Why Do Some Babies Have Hair in Their Bodies

Mammals

A mammal is an animate being that feeds its babies with milk when it is immature. There are over 4,500 types of mammals. Many of the most pop animals we know are mammals, for instance, dogs, cats, horses, cows, but exotic animals like kangaroos, giraffes, elephants and anteaters belong to this group, too. Humans are besides mammals.

Mammals live in all regions and climates. They live on the footing, in trees or secret. Polar bears, reindeer and seals are mammals that live in the Arctic regions. Others, like camels or kangaroos prefer the world's dry areas. Seals and whales are mammals that swim in the oceans; bats are the only mammals that can fly.

Mammals have five features that make them different from other animals:

  • Female mammals produce milk and feed their babies with it.
  • Only mammals have hair or hair-like skin. All mammals have hair at least some time in their lives.
  • Mammals are warm-blooded. Their body temperature always stays the same and does not alter with the outside temperature.
  • Most mammals take a larger and well-developed brain. They are more intelligent than other animals.
  • Mammals protect their babies more than than other animals. They prepare them for futurity life.

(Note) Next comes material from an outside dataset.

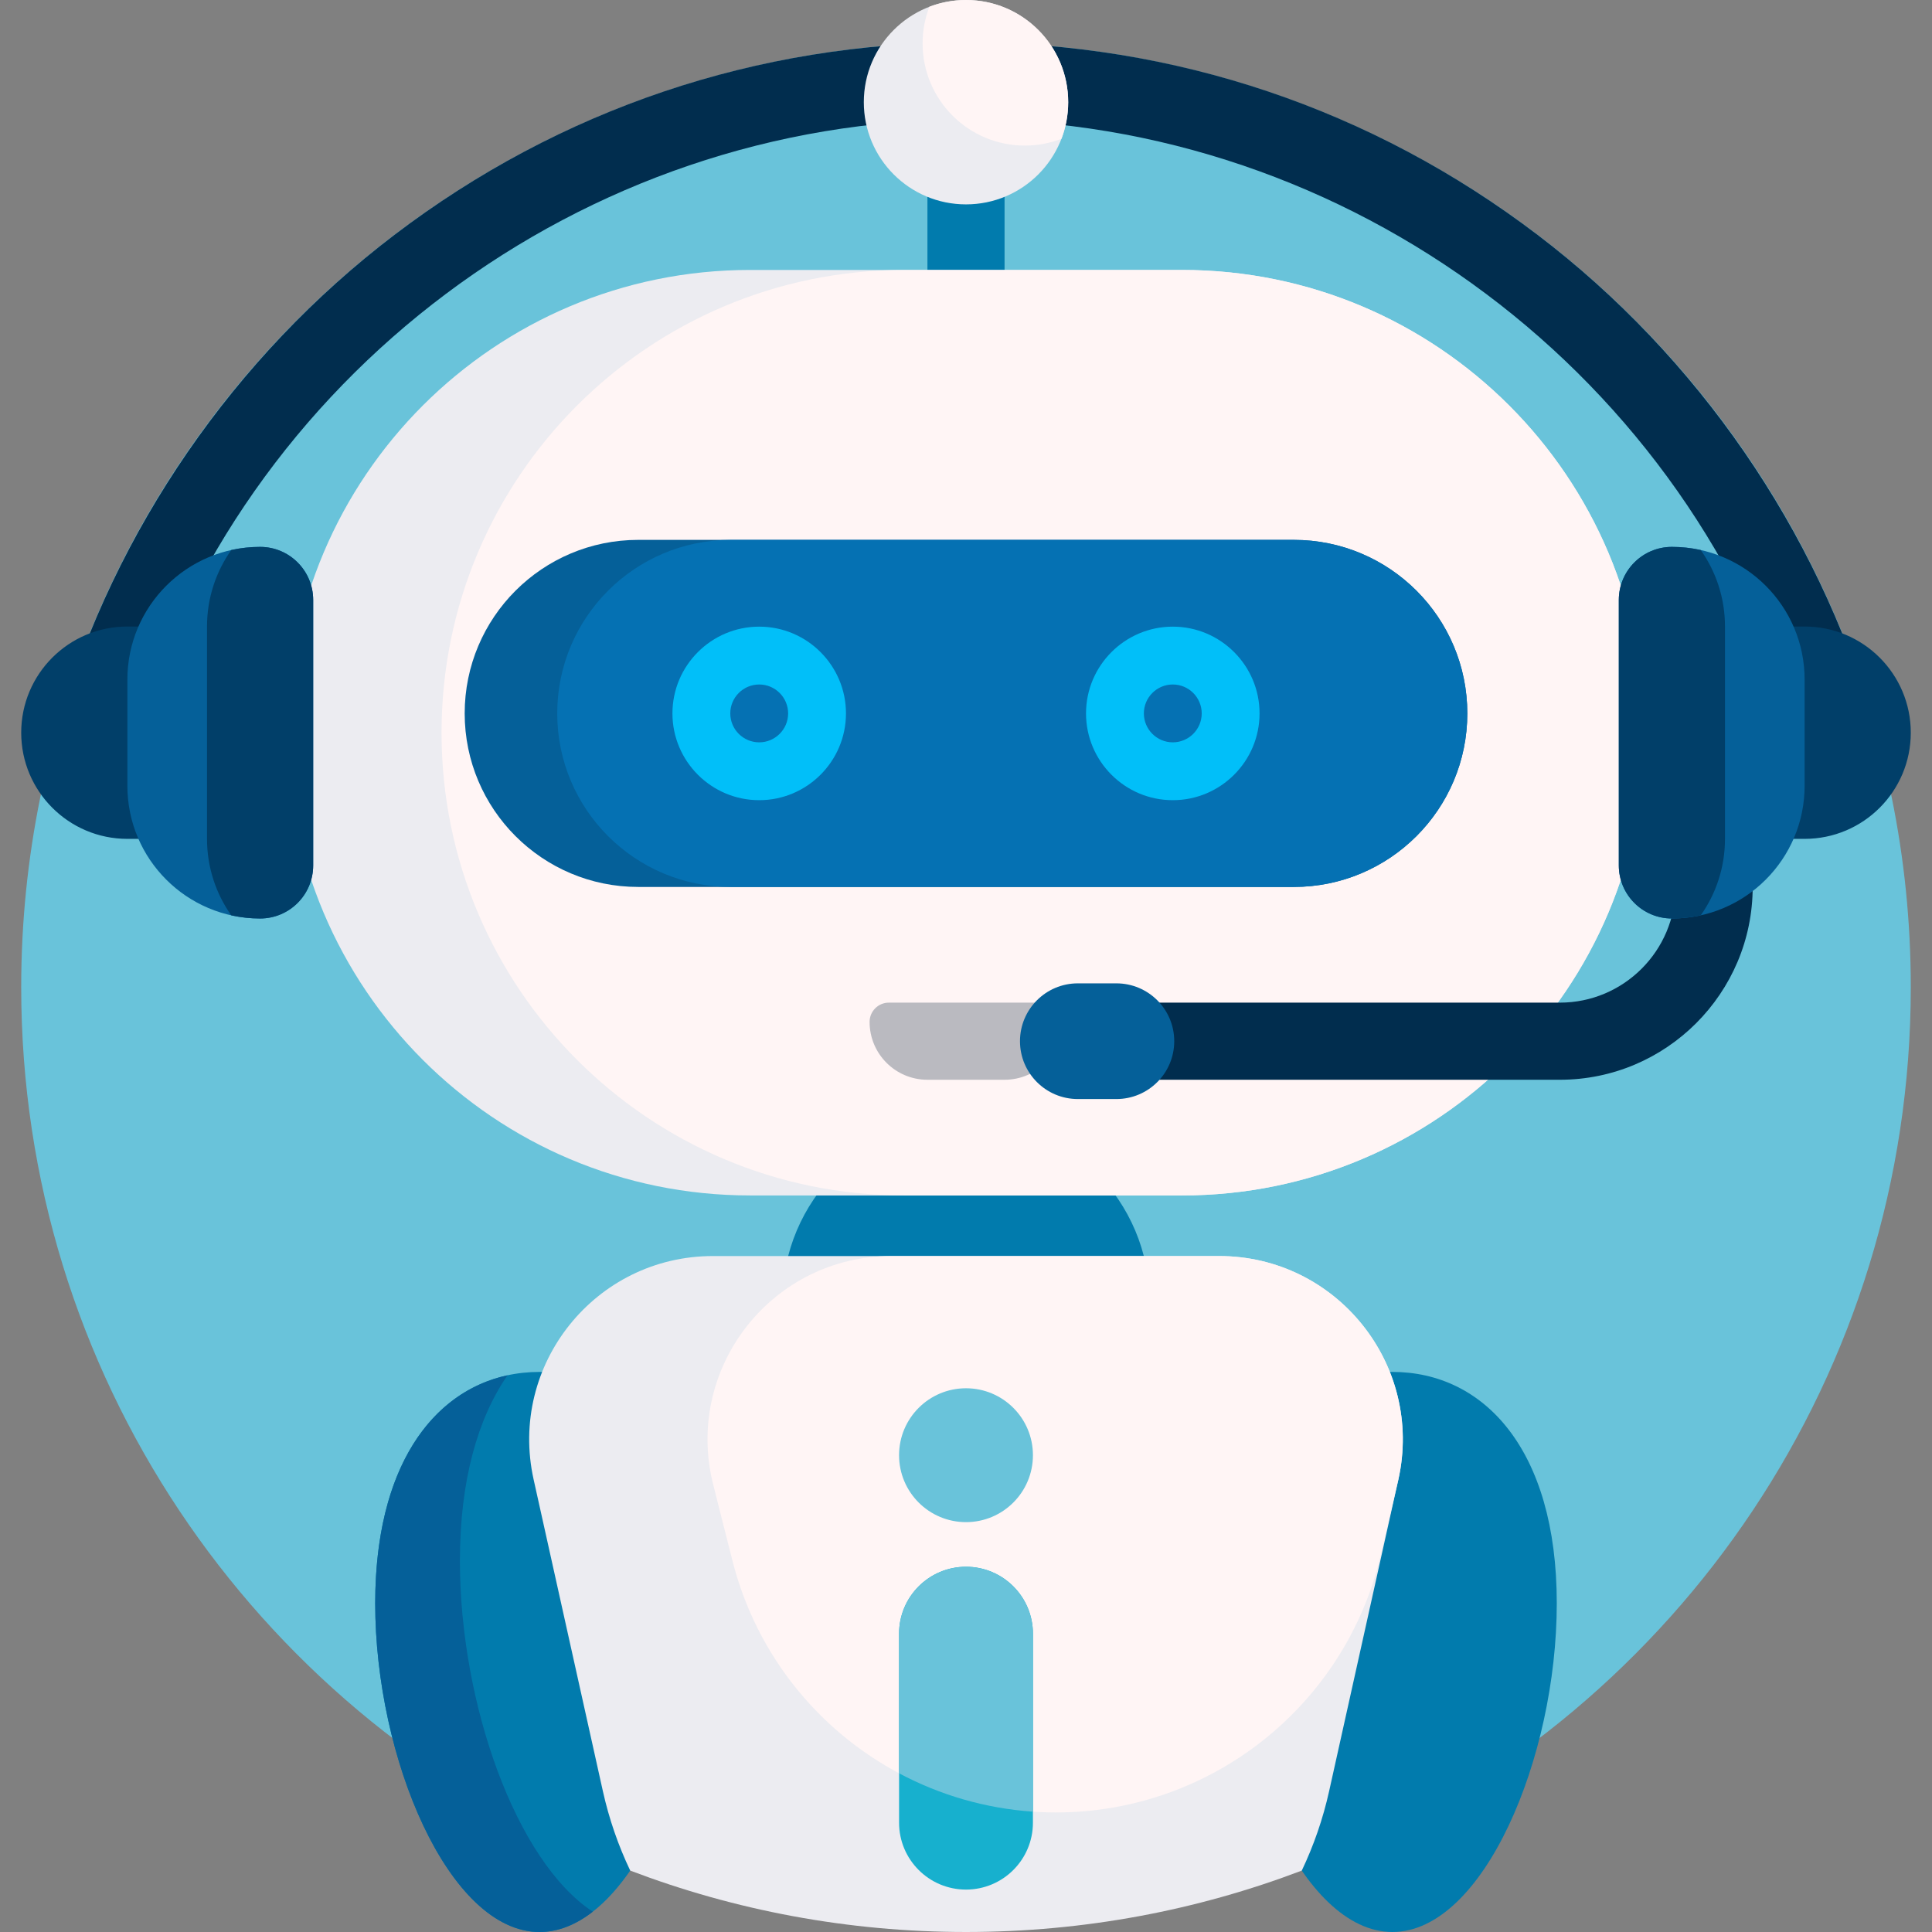 <svg id="Capa_1" enable-background="new 0 0 501 501" height="512" viewBox="0 0 501 501" width="512" xmlns="http://www.w3.org/2000/svg"><rect x="0" y="0" width="501" height="501" fill="#808080" stroke="none"/><path d="m5.5 256c0-135.31 109.69-245 245-245s245 109.69 245 245c0 100.365-60.35 186.635-146.74 224.5-30.079-13.184-63.315-20.5-98.26-20.5s-68.181 7.316-98.26 20.5c-86.39-37.865-146.74-124.135-146.74-224.5z" fill="#69c3da"/><path d="m260.5 80h-20v-40h20zm-10 210c-26.299 0-47.619 21.32-47.619 47.619s21.32 47.619 47.619 47.619 47.619-21.32 47.619-47.619-21.32-47.619-47.619-47.619zm-110.584 65.762c-23.538 0-42.619 19.894-42.619 60s19.081 85.238 42.619 85.238 42.619-45.132 42.619-85.238-19.081-60-42.619-60zm221.163 0c-23.538 0-42.619 19.894-42.619 60s19.081 85.238 42.619 85.238 42.619-45.132 42.619-85.238-19.081-60-42.619-60z" fill="#017bad"/><path d="m153.717 495.731c-4.328 3.368-8.971 5.269-13.801 5.269-23.538 0-42.619-45.132-42.619-85.238 0-35.261 14.75-54.897 34.309-59.127-7.67 11.116-12.344 27.146-12.344 48.127 0 37.03 14.559 77.894 34.455 90.969z" fill="#056099"/><path d="m485.704 187.196-19.198 5.607c-27.824-95.267-116.649-161.803-216.006-161.803s-188.182 66.536-216.006 161.804l-19.198-5.607c14.553-49.827 45.437-94.673 86.964-126.275 42.913-32.659 94.174-49.922 148.24-49.922s105.327 17.263 148.24 49.921c41.527 31.602 72.411 76.448 86.964 126.275z" fill="#012d4e"/><path d="m362.622 383.663-17.955 80.799c-1.609 7.242-4.008 14.141-7.094 20.614-27.056 10.29-56.407 15.924-87.073 15.924s-60.017-5.634-87.073-15.924c-3.086-6.473-5.485-13.372-7.094-20.614l-17.955-80.799c-6.609-29.738 16.021-57.949 46.485-57.949h131.275c30.464 0 53.093 28.211 46.484 57.949zm63.878-193.663c0-66.274-53.726-120-120-120h-112c-66.274 0-120 53.726-120 120 0 66.274 53.726 120 120 120h112c66.274 0 120-53.726 120-120zm-149.5-163.5c0 14.636-11.864 26.5-26.5 26.5s-26.5-11.864-26.5-26.5 11.864-26.5 26.5-26.5 26.5 11.864 26.5 26.5z" fill="#ececf1"/><path d="m306.5 310h-72c-66.274 0-120-53.726-120-120 0-66.274 53.726-120 120-120h72c66.274 0 120 53.726 120 120 0 66.274-53.726 120-120 120zm-56-310c-3.347 0-6.549.621-9.497 1.753-1.132 2.948-1.753 6.15-1.753 9.497 0 14.636 11.864 26.5 26.5 26.5 3.347 0 6.549-.621 9.497-1.753 1.132-2.948 1.753-6.15 1.753-9.497 0-14.636-11.864-26.5-26.5-26.5zm23.317 470c40.171 0 75.057-27.652 84.237-66.761 2.711-11.547 4.568-19.576 4.568-19.576 6.608-29.739-16.021-57.949-46.485-57.949h-85.026c-30.464 0-53.094 28.21-46.485 57.949 0 0 2.143 8.665 5.367 21.257 9.801 38.29 44.301 65.08 83.824 65.08z" fill="#fff5f5"/><path d="m335.5 230h-170c-24.853 0-45-20.147-45-45 0-24.853 20.147-45 45-45h170c24.853 0 45 20.147 45 45 0 24.853-20.147 45-45 45z" fill="#056099"/><path d="m335.5 230h-146c-24.853 0-45-20.147-45-45 0-24.853 20.147-45 45-45h146c24.853 0 45 20.147 45 45 0 24.853-20.147 45-45 45z" fill="#0571b3"/><path d="m196.875 162.5c-12.407 0-22.5 10.094-22.5 22.5s10.093 22.5 22.5 22.5 22.5-10.094 22.5-22.5-10.093-22.5-22.5-22.5zm0 30c-4.136 0-7.5-3.364-7.5-7.5s3.364-7.5 7.5-7.5 7.5 3.364 7.5 7.5-3.364 7.5-7.5 7.5zm107.25-30c-12.407 0-22.5 10.094-22.5 22.5s10.093 22.5 22.5 22.5 22.5-10.094 22.5-22.5-10.093-22.5-22.5-22.5zm0 30c-4.136 0-7.5-3.364-7.5-7.5s3.364-7.5 7.5-7.5 7.5 3.364 7.5 7.5-3.364 7.5-7.5 7.5z" fill="#01bff9"/><path d="m275.5 265c0 8.284-6.716 15-15 15h-20c-8.284 0-15-6.716-15-15 0-2.761 2.239-5 5-5h40c2.761 0 5 2.239 5 5z" fill="#babac0"/><path d="m454.5 220v10c0 27.57-22.43 50-50 50h-120c-5.523 0-10-4.478-10-10s4.477-10 10-10h120c16.542 0 30-13.458 30-30v-10c0-5.522 4.477-10 10-10s10 4.478 10 10z" fill="#012d4e"/><path d="m67.448 176.234v27.532c0 7.603-6.163 13.766-13.766 13.766h-20.65c-15.205 0-27.532-12.326-27.532-27.532 0-15.206 12.327-27.532 27.532-27.532h20.649c7.604 0 13.767 6.163 13.767 13.766zm379.87 41.298h20.649c15.206 0 27.532-12.327 27.532-27.532 0-15.206-12.327-27.532-27.532-27.532h-20.649c-7.603 0-13.766 6.163-13.766 13.766v27.532c0 7.603 6.163 13.766 13.766 13.766z" fill="#013f69"/><path d="m81.214 155.584v68.831c0 7.603-6.163 13.766-13.766 13.766-19.007 0-34.416-15.408-34.416-34.416v-27.533c0-19.007 15.408-34.416 34.416-34.416 7.603.002 13.766 6.166 13.766 13.768zm352.338 82.598c19.007 0 34.416-15.408 34.416-34.416v-27.533c0-19.007-15.408-34.416-34.416-34.416-7.603 0-13.766 6.163-13.766 13.766v68.831c0 7.604 6.163 13.768 13.766 13.768z" fill="#056099"/><path d="m67.448 238.182c-2.569 0-5.071-.282-7.479-.816-3.96-5.606-6.287-12.448-6.287-19.834v-55.065c0-7.386 2.327-14.228 6.287-19.834 2.408-.534 4.911-.816 7.479-.816 7.603 0 13.766 6.163 13.766 13.766v68.831c0 7.604-6.163 13.768-13.766 13.768zm352.338-82.598v68.831c0 7.603 6.163 13.766 13.766 13.766 2.569 0 5.071-.282 7.479-.816 3.96-5.606 6.287-12.448 6.287-19.834v-55.065c0-7.386-2.327-14.228-6.287-19.834-2.408-.534-4.911-.816-7.479-.816-7.603.002-13.766 6.166-13.766 13.768z" fill="#013f69"/><path d="m289.5 285h-10c-8.284 0-15-6.716-15-15 0-8.284 6.716-15 15-15h10c8.284 0 15 6.716 15 15 0 8.284-6.716 15-15 15z" fill="#056099"/><path d="m250.5 406.286c-9.586 0-17.357 7.771-17.357 17.357v49c0 9.586 7.771 17.357 17.357 17.357s17.357-7.771 17.357-17.357v-49c0-9.586-7.771-17.357-17.357-17.357z" fill="#17b0ce"/><path d="m233.143 377.357c0-9.586 7.771-17.357 17.357-17.357s17.357 7.771 17.357 17.357-7.771 17.357-17.357 17.357-17.357-7.771-17.357-17.357zm17.357 28.929c-9.586 0-17.357 7.771-17.357 17.357v36.202c10.541 5.62 22.323 9.101 34.714 9.951v-46.153c0-9.586-7.771-17.357-17.357-17.357z" fill="#69c3da"/></svg>

People have hunted mammals for ages. They ate their food and made dress out of their skins. Thousands of years ago wild mammals were domesticated and gave human beings milk, wool and other products. Some mammals, like elephants and camels are all the same used to transport goods. In poorer countries farmers apply cows or oxen, to turn fields.

Today some mammals are hunted illegally. Whales are killed because people desire their meat and oil, elephants are killed for the ivory of their tusks.

Mammals are often kept every bit pets. Among them are cats, dogs, rabbits or guinea pigs.

Mammals are useful to people in many other means. Some help plants abound and eat harmful insects. Others eat weeds and prevent them from spreading too far. The waste product of mammals is used equally fertilizers that better the quality of soil.

Types of mammals

Mammals are divided into three groups:

  1. Monotremes are mammals that lay eggs, like a bird. They live in Australia and New Zealand. The platypus belongs to this group
  2. Marsupials are mammals that raise their young ones in a pouch in their bodies.
  3. Placentals are the largest group of mammals. The babies abound within their mothers until they are ready to exist born. Humans are placentals.

Mammals and their bodies

Skin and hair cover a mammal'south body. Some mammals have horns, claws and hoofs. The hair or fur of a mammal has many functions. The color often blends in with the earth around them and allows them to hide from their enemies. Some mammals produce needles or sharp pilus that protects them from assault. But the principal office is to keep the body warm.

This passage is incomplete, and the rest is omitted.